Man Vs Wild: Animal Transformation in Medieval Literature
Man Vs. Wild: Animal Transformation in Medieval Literature
Throughout much of my reading of medieval literature, there have been a couple of concepts that repeat themselves frequently. One such concept lies in the idea of human-animal transformations, a phenomenon that we see repeated in a great deal of literature. I want to examine a couple of facets of this. Particularly, I would like to focus on the fact that women were not “allowed” to transform into animals of any sort, while men are often featured as central characters with this quality. What exactly does this mean?
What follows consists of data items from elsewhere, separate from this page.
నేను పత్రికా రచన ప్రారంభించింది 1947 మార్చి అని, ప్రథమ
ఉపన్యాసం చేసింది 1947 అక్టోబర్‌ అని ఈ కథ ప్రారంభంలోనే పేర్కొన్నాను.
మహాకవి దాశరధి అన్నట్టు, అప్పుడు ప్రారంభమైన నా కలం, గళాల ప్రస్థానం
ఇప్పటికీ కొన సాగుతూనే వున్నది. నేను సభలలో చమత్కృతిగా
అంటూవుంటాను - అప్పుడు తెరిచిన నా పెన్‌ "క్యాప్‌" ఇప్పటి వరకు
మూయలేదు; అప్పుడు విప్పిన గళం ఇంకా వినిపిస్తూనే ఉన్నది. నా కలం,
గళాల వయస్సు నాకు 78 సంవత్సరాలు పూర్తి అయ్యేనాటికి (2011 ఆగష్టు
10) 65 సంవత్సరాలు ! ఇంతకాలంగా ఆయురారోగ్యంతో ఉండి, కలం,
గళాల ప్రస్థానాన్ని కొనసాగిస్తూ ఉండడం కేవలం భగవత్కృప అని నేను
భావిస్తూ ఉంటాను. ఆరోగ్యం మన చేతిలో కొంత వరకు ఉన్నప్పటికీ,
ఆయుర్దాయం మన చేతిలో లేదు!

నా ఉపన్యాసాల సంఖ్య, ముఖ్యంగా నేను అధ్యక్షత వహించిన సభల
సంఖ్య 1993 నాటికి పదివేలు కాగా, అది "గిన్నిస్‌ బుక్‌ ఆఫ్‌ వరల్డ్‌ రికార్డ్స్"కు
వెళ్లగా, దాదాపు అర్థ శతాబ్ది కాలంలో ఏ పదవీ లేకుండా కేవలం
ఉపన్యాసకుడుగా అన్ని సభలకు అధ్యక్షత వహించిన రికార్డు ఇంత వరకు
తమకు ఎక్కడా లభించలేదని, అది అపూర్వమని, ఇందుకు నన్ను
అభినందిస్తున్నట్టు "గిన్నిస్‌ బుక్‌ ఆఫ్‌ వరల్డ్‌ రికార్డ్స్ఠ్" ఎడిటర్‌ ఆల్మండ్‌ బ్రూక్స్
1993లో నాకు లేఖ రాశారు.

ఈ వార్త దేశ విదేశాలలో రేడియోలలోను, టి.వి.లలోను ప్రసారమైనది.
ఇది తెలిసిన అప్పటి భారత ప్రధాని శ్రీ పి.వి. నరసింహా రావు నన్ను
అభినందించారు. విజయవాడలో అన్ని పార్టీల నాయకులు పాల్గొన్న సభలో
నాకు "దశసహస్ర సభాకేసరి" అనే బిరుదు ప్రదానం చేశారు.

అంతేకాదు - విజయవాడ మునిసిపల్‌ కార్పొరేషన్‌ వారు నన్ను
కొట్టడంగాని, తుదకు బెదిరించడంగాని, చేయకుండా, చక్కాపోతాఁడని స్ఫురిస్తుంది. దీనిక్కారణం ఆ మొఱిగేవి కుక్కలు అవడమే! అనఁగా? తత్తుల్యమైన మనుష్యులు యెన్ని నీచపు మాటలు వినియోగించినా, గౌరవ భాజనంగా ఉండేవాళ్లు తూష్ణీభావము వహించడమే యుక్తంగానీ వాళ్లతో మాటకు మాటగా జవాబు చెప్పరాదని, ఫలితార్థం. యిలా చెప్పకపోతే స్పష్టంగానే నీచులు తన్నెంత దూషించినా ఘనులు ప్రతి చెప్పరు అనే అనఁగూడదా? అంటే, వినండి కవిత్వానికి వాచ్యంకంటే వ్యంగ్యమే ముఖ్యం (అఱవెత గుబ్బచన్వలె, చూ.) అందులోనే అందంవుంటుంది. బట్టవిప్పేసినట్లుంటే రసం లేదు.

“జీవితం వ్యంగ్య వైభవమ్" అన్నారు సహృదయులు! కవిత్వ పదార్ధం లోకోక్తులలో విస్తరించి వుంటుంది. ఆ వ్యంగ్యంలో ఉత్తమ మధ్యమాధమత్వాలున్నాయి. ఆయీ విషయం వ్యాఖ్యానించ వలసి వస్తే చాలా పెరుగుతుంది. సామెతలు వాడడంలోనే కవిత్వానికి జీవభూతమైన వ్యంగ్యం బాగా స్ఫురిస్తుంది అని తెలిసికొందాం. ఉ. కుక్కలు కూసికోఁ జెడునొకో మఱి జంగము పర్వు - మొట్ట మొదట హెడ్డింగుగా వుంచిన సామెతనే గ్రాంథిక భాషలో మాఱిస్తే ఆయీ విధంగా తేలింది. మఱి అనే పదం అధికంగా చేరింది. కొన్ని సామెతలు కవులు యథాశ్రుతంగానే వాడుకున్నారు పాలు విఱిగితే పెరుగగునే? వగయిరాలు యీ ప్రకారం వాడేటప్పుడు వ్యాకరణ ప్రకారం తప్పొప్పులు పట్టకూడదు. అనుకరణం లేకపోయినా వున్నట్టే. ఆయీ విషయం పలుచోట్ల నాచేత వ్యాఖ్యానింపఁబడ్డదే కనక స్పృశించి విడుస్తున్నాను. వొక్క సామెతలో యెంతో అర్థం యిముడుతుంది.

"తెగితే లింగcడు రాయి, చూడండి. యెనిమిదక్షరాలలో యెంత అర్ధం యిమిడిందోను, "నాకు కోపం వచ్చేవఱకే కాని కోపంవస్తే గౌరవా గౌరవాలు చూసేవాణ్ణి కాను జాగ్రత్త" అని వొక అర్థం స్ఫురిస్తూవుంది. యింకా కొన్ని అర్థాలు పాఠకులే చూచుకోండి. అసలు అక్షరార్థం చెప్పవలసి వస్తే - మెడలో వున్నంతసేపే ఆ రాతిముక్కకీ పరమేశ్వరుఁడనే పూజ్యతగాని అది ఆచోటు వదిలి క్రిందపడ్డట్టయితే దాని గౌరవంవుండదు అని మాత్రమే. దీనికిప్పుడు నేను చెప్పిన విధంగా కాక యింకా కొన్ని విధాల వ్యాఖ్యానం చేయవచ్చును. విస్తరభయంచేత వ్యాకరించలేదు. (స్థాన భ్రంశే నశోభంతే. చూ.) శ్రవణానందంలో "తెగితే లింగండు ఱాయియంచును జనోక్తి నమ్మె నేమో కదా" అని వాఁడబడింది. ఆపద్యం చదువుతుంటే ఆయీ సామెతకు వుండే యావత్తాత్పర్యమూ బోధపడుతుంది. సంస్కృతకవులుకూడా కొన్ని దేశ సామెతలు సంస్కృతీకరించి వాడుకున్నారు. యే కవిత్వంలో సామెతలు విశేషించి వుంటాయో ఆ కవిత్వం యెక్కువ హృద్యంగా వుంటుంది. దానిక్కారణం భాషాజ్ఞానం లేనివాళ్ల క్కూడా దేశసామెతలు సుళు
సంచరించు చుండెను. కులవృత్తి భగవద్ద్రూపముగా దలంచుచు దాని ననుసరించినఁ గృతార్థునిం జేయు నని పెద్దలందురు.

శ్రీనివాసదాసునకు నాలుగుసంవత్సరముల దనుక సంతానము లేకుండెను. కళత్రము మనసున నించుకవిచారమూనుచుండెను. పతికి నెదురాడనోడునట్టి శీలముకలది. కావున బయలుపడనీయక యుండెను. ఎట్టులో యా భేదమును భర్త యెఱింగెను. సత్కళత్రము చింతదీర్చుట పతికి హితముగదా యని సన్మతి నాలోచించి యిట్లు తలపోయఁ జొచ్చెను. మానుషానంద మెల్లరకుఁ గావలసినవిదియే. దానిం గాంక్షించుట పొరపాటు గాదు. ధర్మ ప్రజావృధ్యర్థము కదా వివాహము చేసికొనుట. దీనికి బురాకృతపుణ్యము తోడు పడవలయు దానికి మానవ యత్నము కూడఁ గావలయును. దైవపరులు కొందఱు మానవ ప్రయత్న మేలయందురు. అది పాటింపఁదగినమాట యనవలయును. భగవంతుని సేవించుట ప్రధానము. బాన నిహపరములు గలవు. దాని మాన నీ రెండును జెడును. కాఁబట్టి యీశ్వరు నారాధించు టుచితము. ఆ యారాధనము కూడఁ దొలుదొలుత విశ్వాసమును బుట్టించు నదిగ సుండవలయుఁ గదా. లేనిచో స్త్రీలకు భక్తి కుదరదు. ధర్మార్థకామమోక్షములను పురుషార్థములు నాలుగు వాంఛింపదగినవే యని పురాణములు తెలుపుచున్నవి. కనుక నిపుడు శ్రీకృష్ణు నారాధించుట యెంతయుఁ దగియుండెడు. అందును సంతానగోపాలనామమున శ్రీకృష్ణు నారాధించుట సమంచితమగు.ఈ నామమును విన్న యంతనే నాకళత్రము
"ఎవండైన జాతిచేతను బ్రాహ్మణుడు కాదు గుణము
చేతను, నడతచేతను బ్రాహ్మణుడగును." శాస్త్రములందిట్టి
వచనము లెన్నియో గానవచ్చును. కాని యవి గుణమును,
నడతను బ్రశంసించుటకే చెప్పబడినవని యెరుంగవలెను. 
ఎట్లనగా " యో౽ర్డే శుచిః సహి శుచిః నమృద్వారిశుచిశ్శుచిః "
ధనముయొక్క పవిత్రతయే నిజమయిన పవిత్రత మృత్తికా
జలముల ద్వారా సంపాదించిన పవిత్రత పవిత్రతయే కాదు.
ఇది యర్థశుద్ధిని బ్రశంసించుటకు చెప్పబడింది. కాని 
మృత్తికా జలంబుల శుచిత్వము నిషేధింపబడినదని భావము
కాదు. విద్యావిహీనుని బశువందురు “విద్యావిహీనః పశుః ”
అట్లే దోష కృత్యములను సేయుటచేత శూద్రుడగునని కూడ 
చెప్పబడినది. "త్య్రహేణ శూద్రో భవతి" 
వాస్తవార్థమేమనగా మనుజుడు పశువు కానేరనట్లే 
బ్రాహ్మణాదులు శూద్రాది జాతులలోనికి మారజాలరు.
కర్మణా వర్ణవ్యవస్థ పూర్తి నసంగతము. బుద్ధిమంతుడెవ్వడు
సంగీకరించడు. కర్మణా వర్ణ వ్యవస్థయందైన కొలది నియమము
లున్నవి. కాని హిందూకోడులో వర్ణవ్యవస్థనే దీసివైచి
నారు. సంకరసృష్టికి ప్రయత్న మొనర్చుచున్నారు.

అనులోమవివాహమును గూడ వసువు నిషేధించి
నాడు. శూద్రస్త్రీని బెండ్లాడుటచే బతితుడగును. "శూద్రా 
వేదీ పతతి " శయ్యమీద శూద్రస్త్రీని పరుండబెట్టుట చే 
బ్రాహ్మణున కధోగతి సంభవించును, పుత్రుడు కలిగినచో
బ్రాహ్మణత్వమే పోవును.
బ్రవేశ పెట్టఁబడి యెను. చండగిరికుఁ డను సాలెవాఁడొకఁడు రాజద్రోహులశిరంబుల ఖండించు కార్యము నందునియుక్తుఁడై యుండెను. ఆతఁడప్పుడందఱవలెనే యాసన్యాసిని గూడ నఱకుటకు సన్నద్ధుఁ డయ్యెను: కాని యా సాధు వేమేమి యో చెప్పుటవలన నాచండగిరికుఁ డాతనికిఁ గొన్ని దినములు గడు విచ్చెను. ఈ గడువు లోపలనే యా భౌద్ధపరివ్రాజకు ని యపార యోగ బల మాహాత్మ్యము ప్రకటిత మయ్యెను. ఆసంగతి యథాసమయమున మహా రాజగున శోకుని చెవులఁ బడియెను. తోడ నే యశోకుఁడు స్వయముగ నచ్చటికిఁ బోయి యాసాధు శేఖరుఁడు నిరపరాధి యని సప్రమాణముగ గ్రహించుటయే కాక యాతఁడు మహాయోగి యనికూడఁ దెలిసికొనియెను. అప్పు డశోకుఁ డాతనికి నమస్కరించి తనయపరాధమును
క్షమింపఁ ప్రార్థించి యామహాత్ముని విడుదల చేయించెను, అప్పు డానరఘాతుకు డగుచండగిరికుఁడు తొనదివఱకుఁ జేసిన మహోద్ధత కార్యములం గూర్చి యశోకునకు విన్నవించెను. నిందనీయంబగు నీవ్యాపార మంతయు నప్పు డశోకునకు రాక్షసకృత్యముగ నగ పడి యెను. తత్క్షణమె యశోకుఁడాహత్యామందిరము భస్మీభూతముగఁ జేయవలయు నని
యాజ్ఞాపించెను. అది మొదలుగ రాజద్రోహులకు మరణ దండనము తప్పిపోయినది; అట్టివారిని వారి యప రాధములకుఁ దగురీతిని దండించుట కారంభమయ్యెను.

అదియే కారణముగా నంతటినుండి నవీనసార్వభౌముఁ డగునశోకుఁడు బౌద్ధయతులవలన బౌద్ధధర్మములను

Are men “allowed” to transform into animals because this is seen as a manifestation of their truer selves, while women are discouraged from exploring this more primal side? Or is it a method of protection, where women are seen as too fragile to withstand such a transformation? What do the animals that men often change into – typically wolves – mean about the men in question? Is it an expression of their truer, purer selves? I would also like to examine what this means in terms of how medieval people felt about the body and the soul. There are a lot of concepts in the research I have conducted regarding duality and fragmentation of the human soul. The idea that there was not just one soul, and that it was not attached to any particular body, adds another layer of interest – do women only have one soul, and one body, while men have more than one? Animal transformation lends itself well to these ideas, particularly on the male-female contrast. Some of the works that I plan to use include select essays from Carolyn Bynum Walker, (a prominent scholar of medieval literature), from her book, Fragmentation and Redemption, which seeks to answer questions regarding animal transformation and the male-female dynamic at play. Primary sources I will be utilizing include Marie de France’s Yonec and Bisclavret, and several selections from Gerald of Wales’ History and Topography.